Depois de terem dançado por cerca de 10 minutos, recolheram-se à parte da casa onde se haviam vestido, e cinco homens vestidos de trançado tomaram o seu lugar e apresentaram uma espécie de drama que consistia em danças bastante indecentes e em diálogo metrificado segundo um compasso; às vezes exclamavam em conjunto as mesmas palavras. O diálogo parecia adaptar-se a seus movimentos. Um deles caiu de joelhos e um segundo nele bateu, arrancou-lhe a barba e repetiu a mesma cerimônia com os dois outros; finalmente, porém, o quinto prendeu-o, nele batendo com um pau. Por fim, recolheram-se, e os tambores deram o sinal para a segunda parte da dança, executada pelas duas mulheres do mesmo modo que a primeira.
Os homens apareceram de novo; as mulheres voltaram às suas posições e encerraram o quarto ato. Sentaram-se para descansar, e pareciam estar muito cansadas, pois suavam muito. As bochechas de uma, que era bastante gorda e tinha uma côr de pela viva, estavam avermelhadas de forma muito atrativa. A segunda, a filha de Oreo, despertou admiração pela sua execução, embora estivesse cansada pelas apresentações da manhã e da noite do dia anterior."
(G. L. D. de Rienzi, Oceanien oder Der Fünfte Welttheil. Welt-Gemälde-Gallerie oder Geschichte und Beschreibung aller Länder und Völker, ihrer Gebräuche, Religionen, Sitten u.s.w. (...) Aus dem Französischen.

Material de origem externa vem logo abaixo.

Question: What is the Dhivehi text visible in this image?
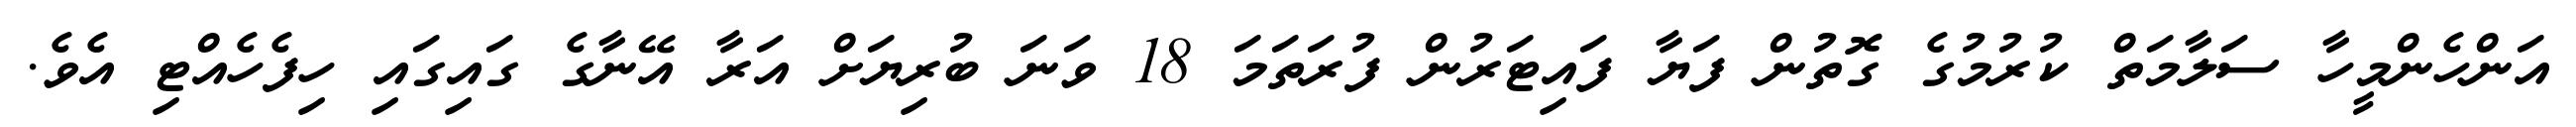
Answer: އަންހެންމީހާ ސަލާމަތް ކުރުމުގެ ގޮތުން ފަޔާ ފައިޓަރުން ފުރަތަމަ 18 ވަނަ ބުރިޔަށް އަރާ އޭނާގެ ގައިގައި ހިފެހެއްޓި އެވެ.
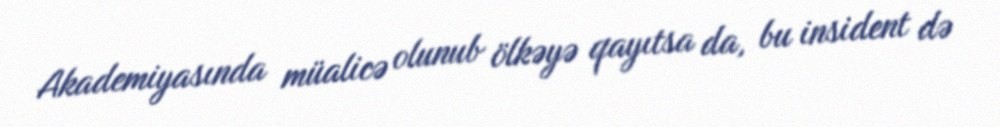
Akademiyasında müalicə olunub ölkəyə qayıtsa da, bu insident də
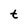
Character: t
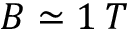
B \simeq 1 \: T
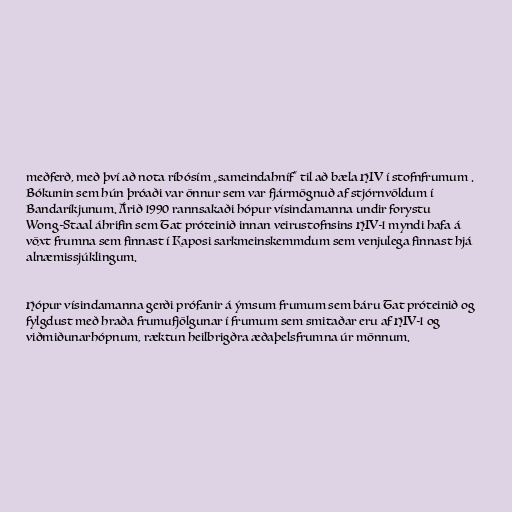
meðferð, með því að nota ríbósím „sameindahníf“ til að bæla HIV í stofnfrumum .
Bókunin sem hún þróaði var önnur sem var fjármögnuð af stjórnvöldum í
Bandaríkjunum. Árið 1990 rannsakaði hópur vísindamanna undir forystu
Wong-Staal áhrifin sem Tat próteinið innan veirustofnsins HIV-1 myndi hafa á
vöxt frumna sem finnast í Kaposi sarkmeinskemmdum sem venjulega finnast hjá
alnæmissjúklingum.

Hópur vísindamanna gerði prófanir á ýmsum frumum sem báru Tat próteinið og
fylgdust með hraða frumufjölgunar í frumum sem smitaðar eru af HIV-1 og
viðmiðunarhópnum, ræktun heilbrigðra æðaþelsfrumna úr mönnum.

Oceanien 2. Band. Polynesien, Stuttgart : E. Schweitzerbart's Verlagshandlung, 1837-1839, pág. 452)

Com base nessa descrição e em outras referências, os europeus do século XIX estavam conscientes da importância da dança dramática para os polinésios. Tornava-se, porém, difícil classificá-la segundo os critérios europeus. Ela não podia ser vista como expressão teatral segundo os modêlos da comédia e da tragédia na Europa, mas também não era apenas um espetáculo de dança. Os europeus do século XIX tendiam, assim, a compará-la com a ópera por ser espetáculo que reunia em si representações, música, dança e palavras entoadas. Tratava-se, porém, de uma ópera sem libreto trágico, onde a sensualidade e a graciosidade dos movimentos desempenhavam papel relevante. A importância desses espetáculos para a sociedade taitiana revela-se no fato de nela também atuarem representantes das classes mais influentes da sociedade, o que, aliás, não era desconhecido na Europa do século XVIII.

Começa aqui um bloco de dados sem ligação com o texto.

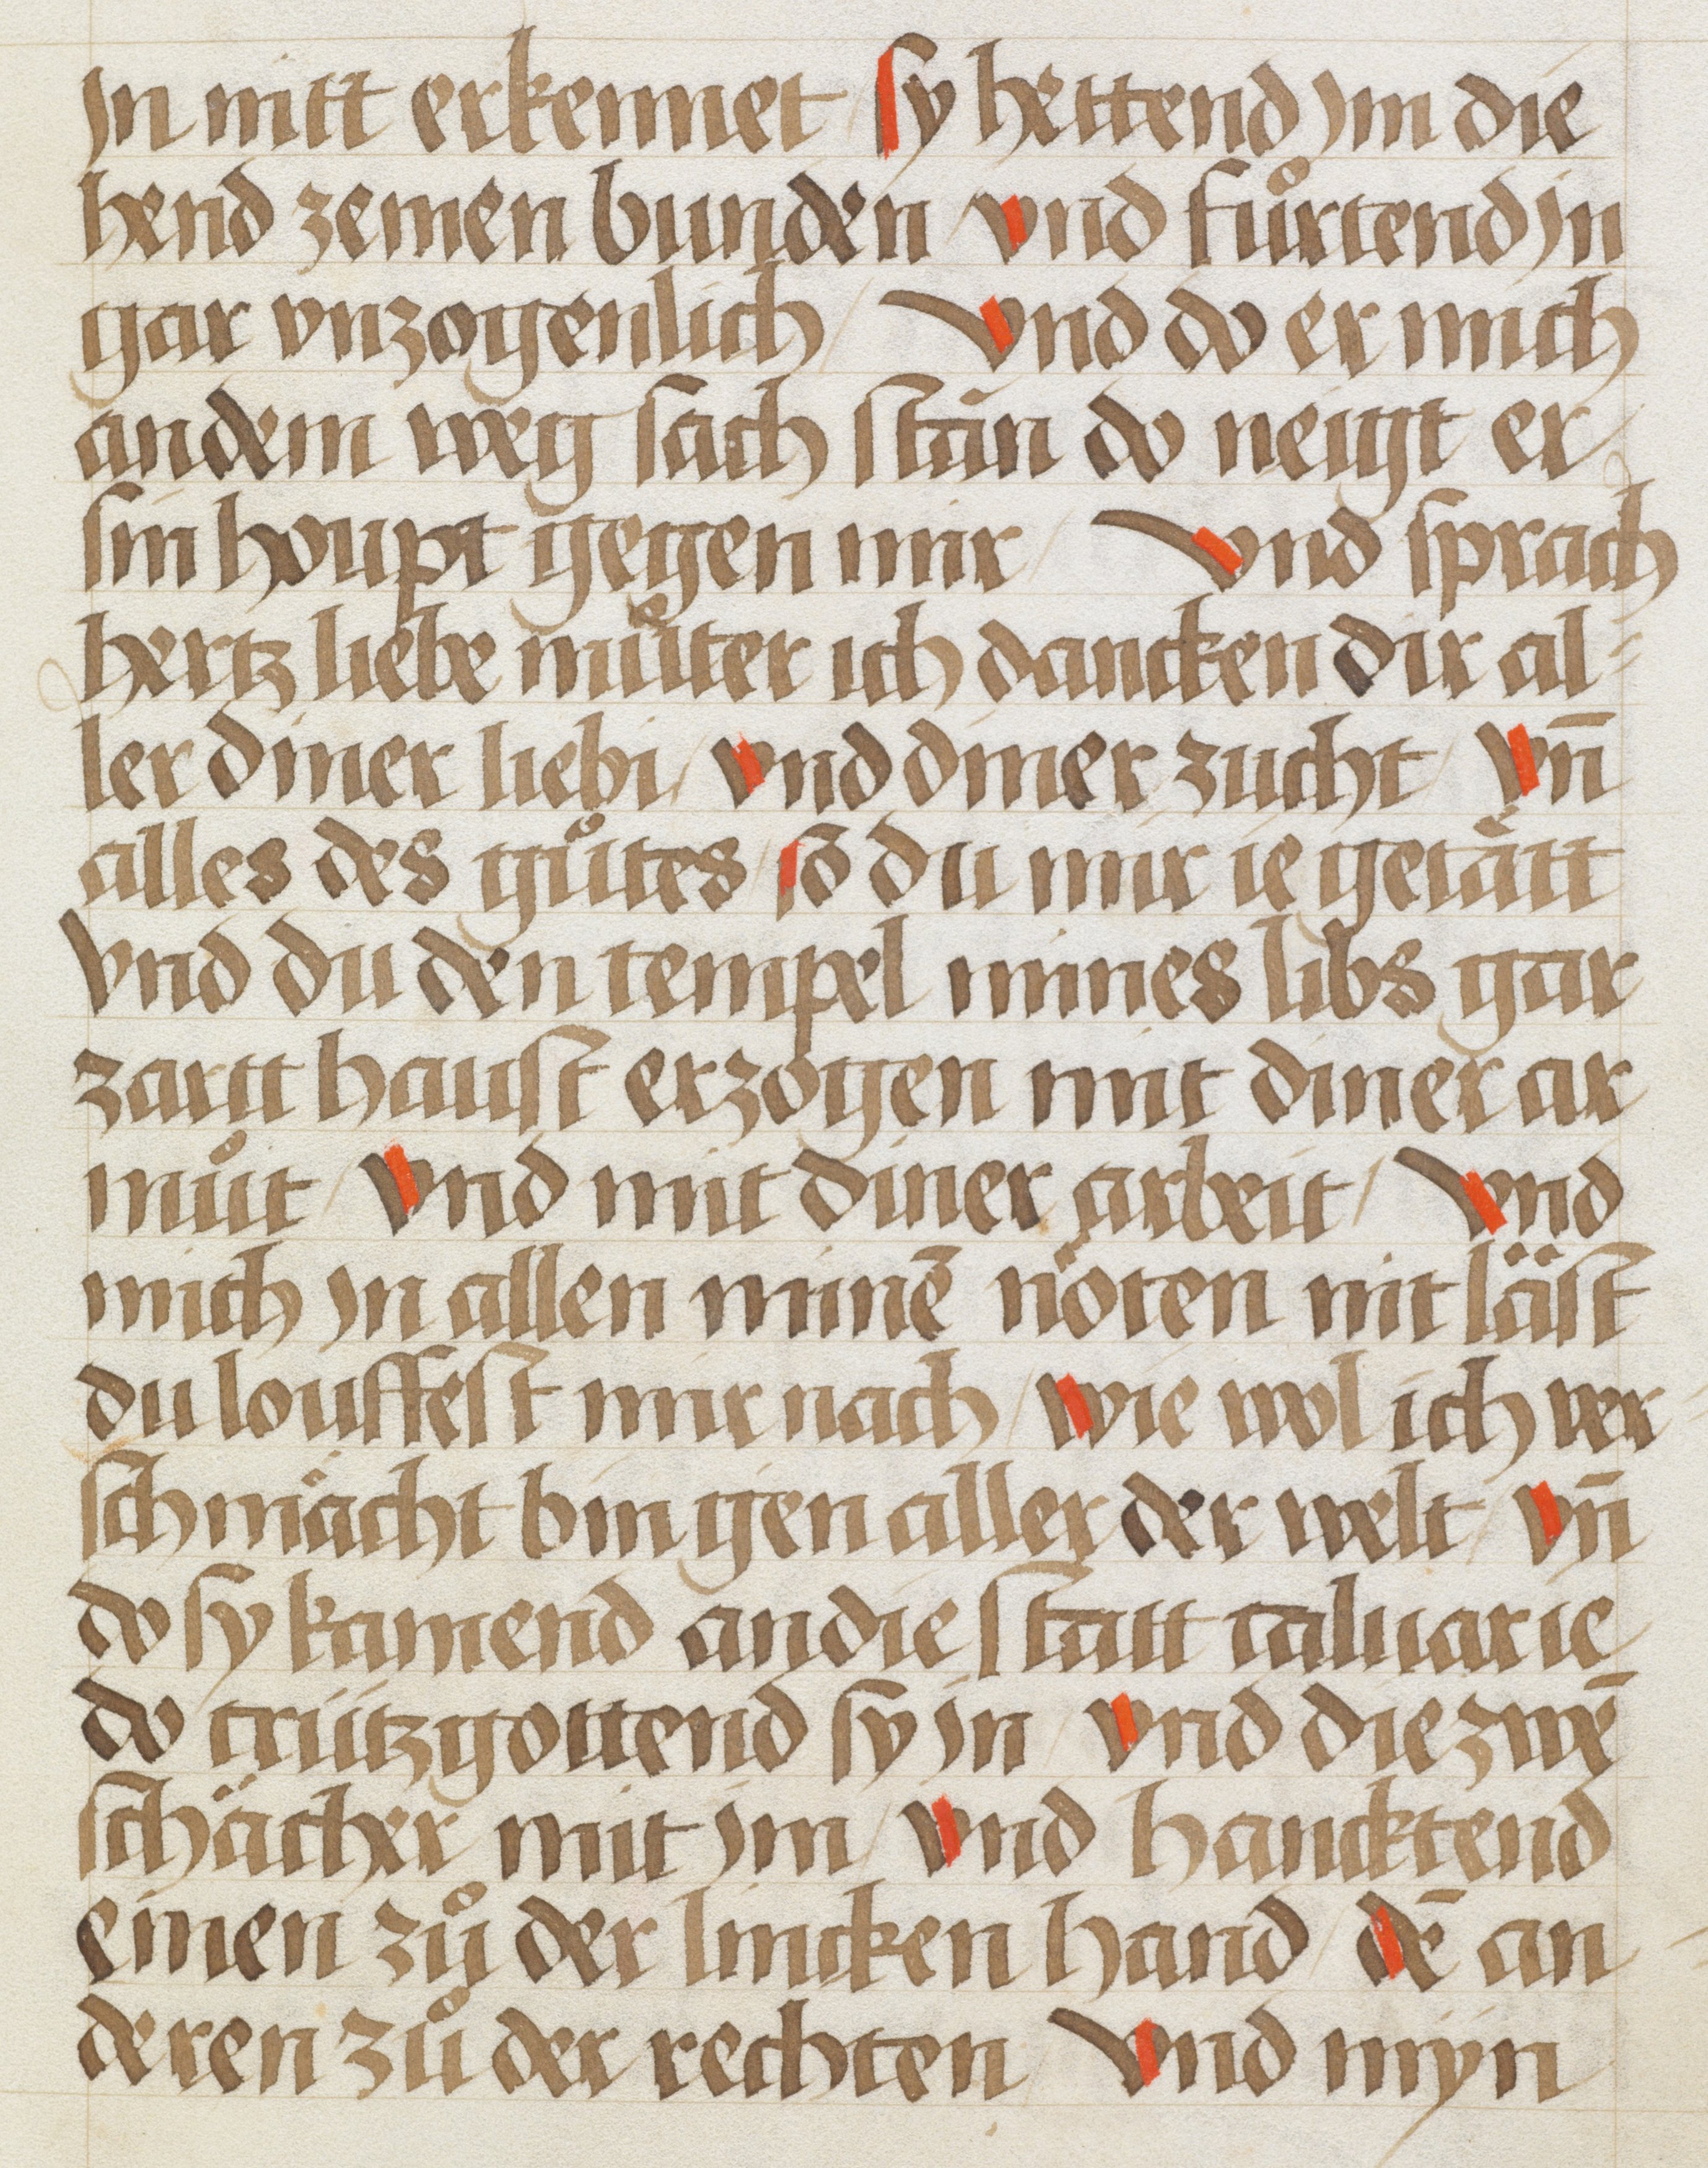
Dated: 1450–1499
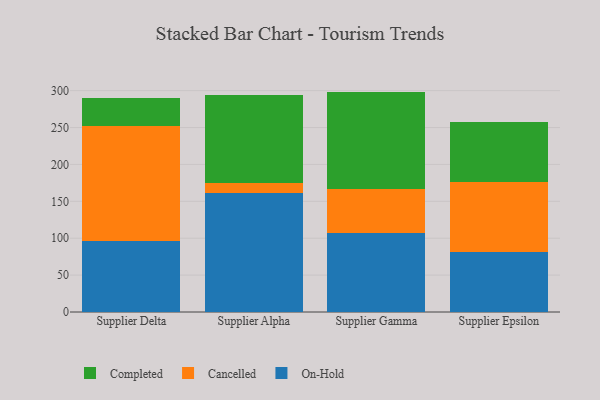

"Heava, um drama das ilhas do Taiti, onde se alternam canto e dança, assemelhava-se mais à nossa ópera do que a comédia e ao drama trágico. Os atores eram escolhidos das diferentes classes da sociedade; mesmo as irmãs do rei tomavam parte nessas apresentações improvisadas, cujo plano parece ter-se conservado pela tradição". (op.cit. pág. 451-452)

Já na época do encontro, parecia aos europeus que esses espetáculos remontavam a antigos folguedos populares, cujo significado tinha sido perdido, mantendo-se enrêdos e movimentos através da tradição. Tais expressões, inseridas originalmente em contextos que vinculavam a natureza e a religião, manifestavam, porém, uma tal sensibilidade de sentimentos, uma tal poesia que apenas podiam ser explicados pela influência de uma clima benigno na formação dos costumes.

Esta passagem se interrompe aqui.